Could you restate all of the records below exactly, with the pictures left out?

Start of Block

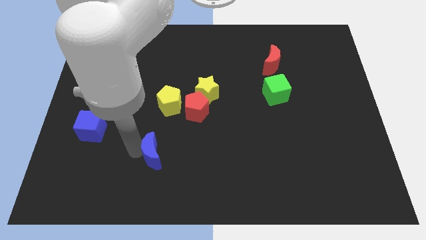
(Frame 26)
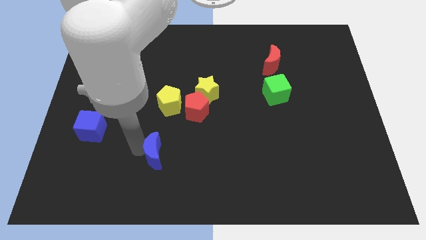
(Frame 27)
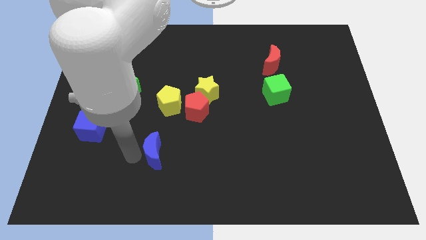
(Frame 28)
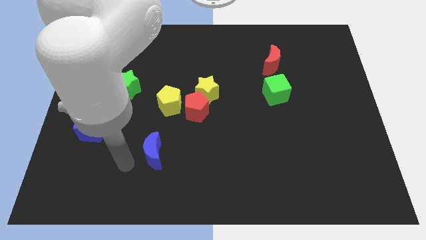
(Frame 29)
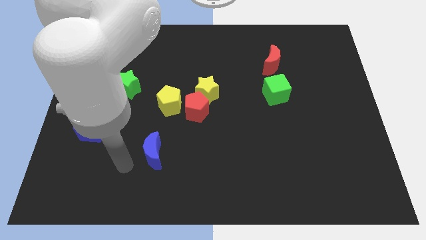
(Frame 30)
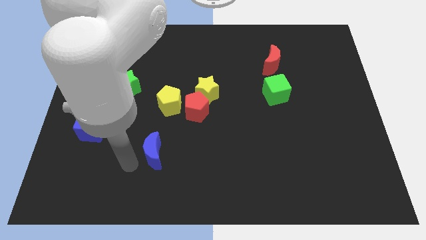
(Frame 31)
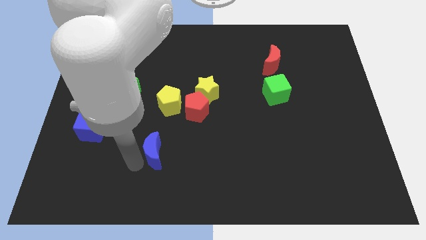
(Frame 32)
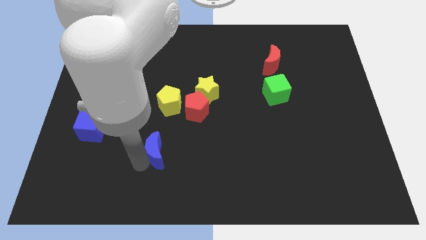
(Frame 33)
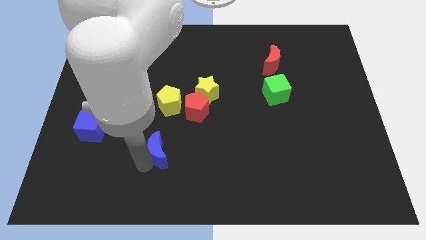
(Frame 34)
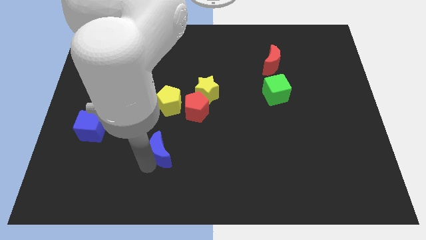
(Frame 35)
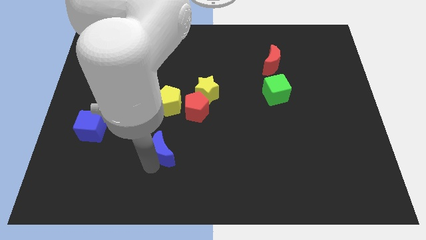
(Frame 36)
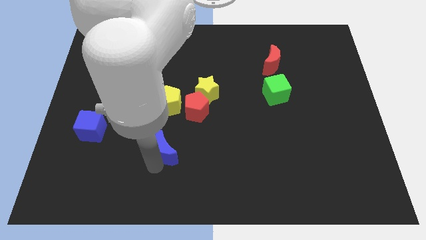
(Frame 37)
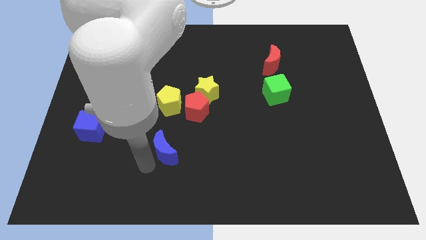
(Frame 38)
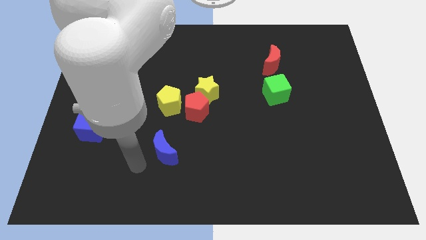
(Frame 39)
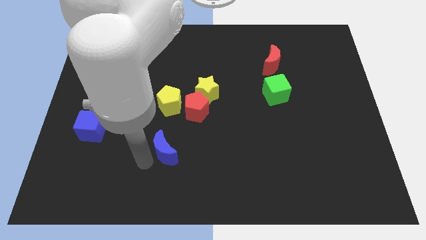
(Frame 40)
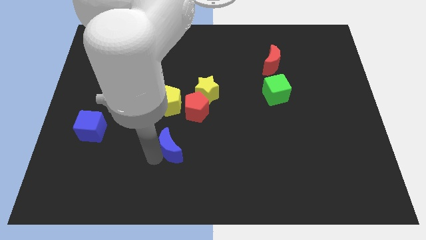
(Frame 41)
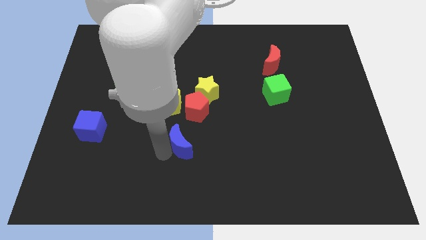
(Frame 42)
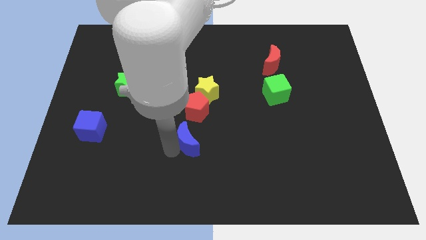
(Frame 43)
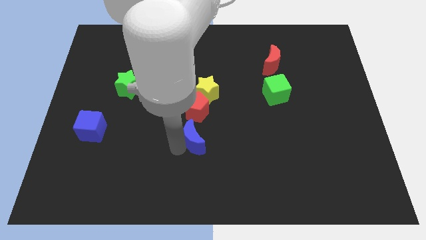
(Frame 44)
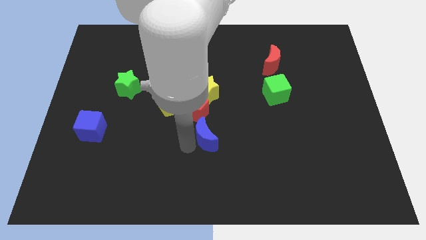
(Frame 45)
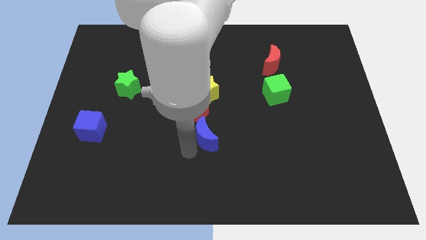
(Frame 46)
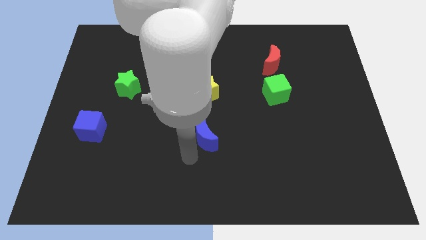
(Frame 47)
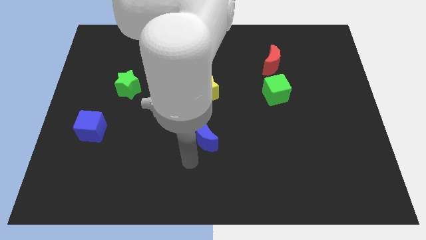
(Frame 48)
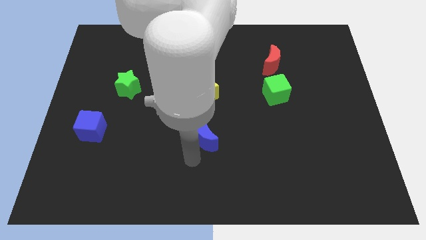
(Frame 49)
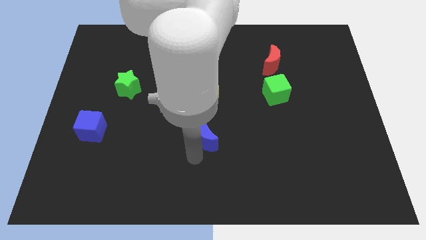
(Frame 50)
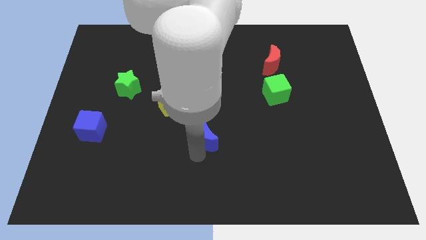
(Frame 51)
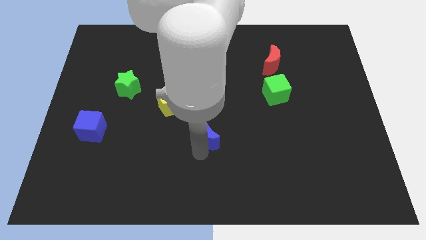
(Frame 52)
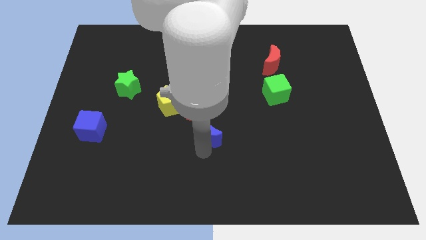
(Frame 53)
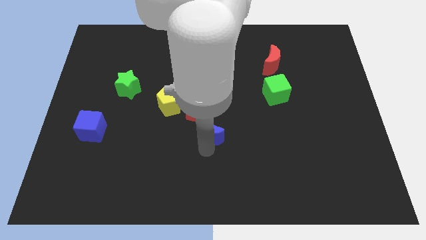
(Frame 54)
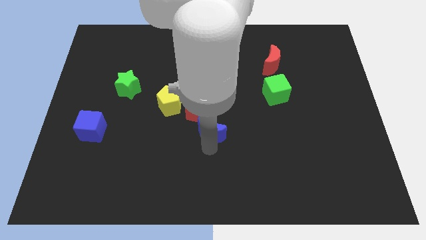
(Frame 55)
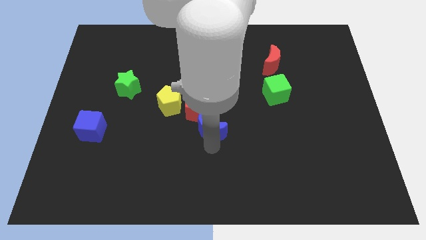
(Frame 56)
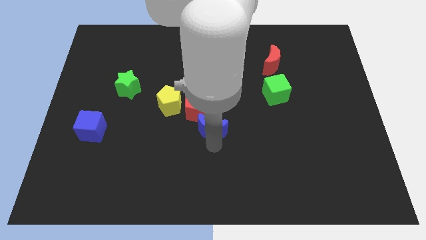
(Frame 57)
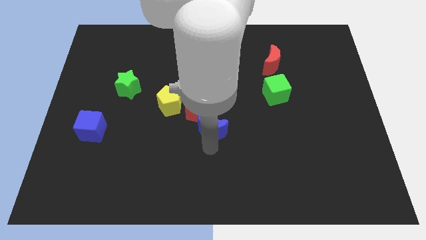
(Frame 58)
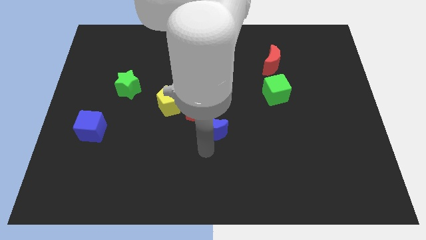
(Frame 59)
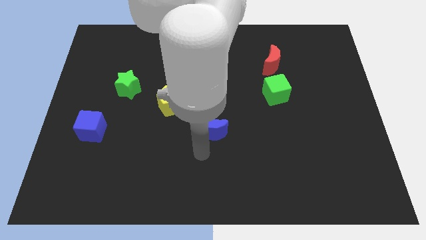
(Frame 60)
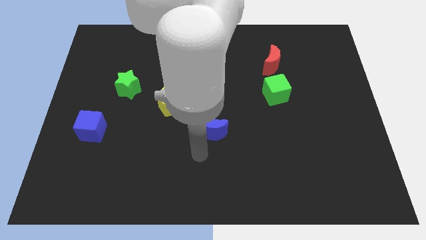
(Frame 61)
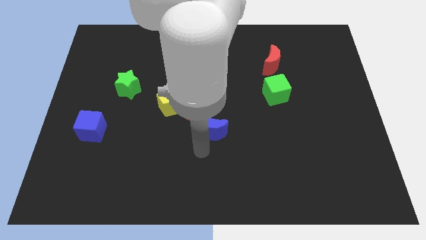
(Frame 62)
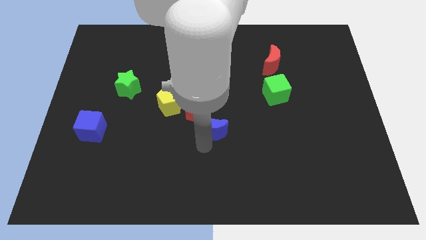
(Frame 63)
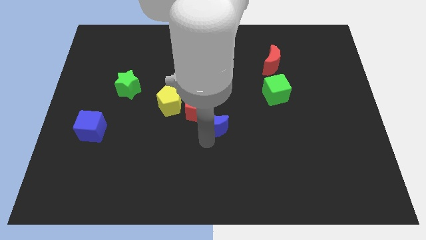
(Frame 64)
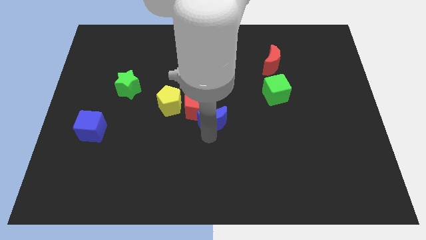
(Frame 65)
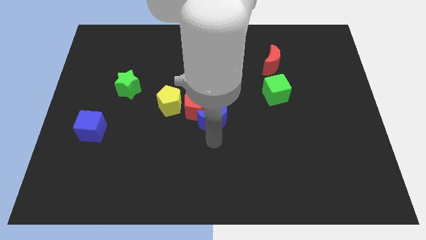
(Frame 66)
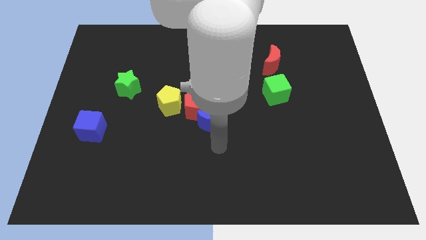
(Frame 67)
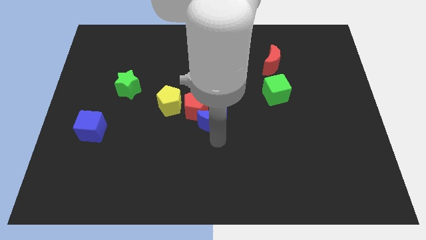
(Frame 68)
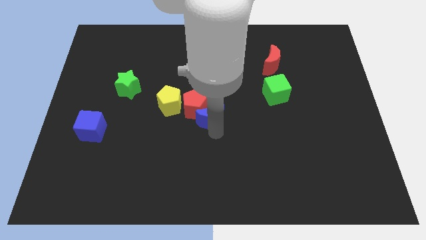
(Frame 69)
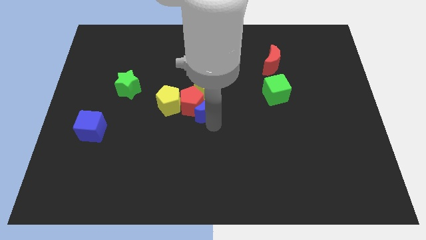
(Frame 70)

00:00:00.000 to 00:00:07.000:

End of Block

* [ANSWER SECTION]
(Frame 26)
(Frame 27)
(Frame 28)
(Frame 29)
(Frame 30)
(Frame 31)
(Frame 32)
(Frame 33)
(Frame 34)
(Frame 35)
(Frame 36)
(Frame 37)
(Frame 38)
(Frame 39)
(Frame 40)
(Frame 41)
(Frame 42)
(Frame 43)
(Frame 44)
(Frame 45)
(Frame 46)
(Frame 47)
(Frame 48)
(Frame 49)
(Frame 50)
(Frame 51)
(Frame 52)
(Frame 53)
(Frame 54)
(Frame 55)
(Frame 56)
(Frame 57)
(Frame 58)
(Frame 59)
(Frame 60)
(Frame 61)
(Frame 62)
(Frame 63)
(Frame 64)
(Frame 65)
(Frame 66)
(Frame 67)
(Frame 68)
(Frame 69)
(Frame 70)

00:00:00.000 to 00:00:07.000:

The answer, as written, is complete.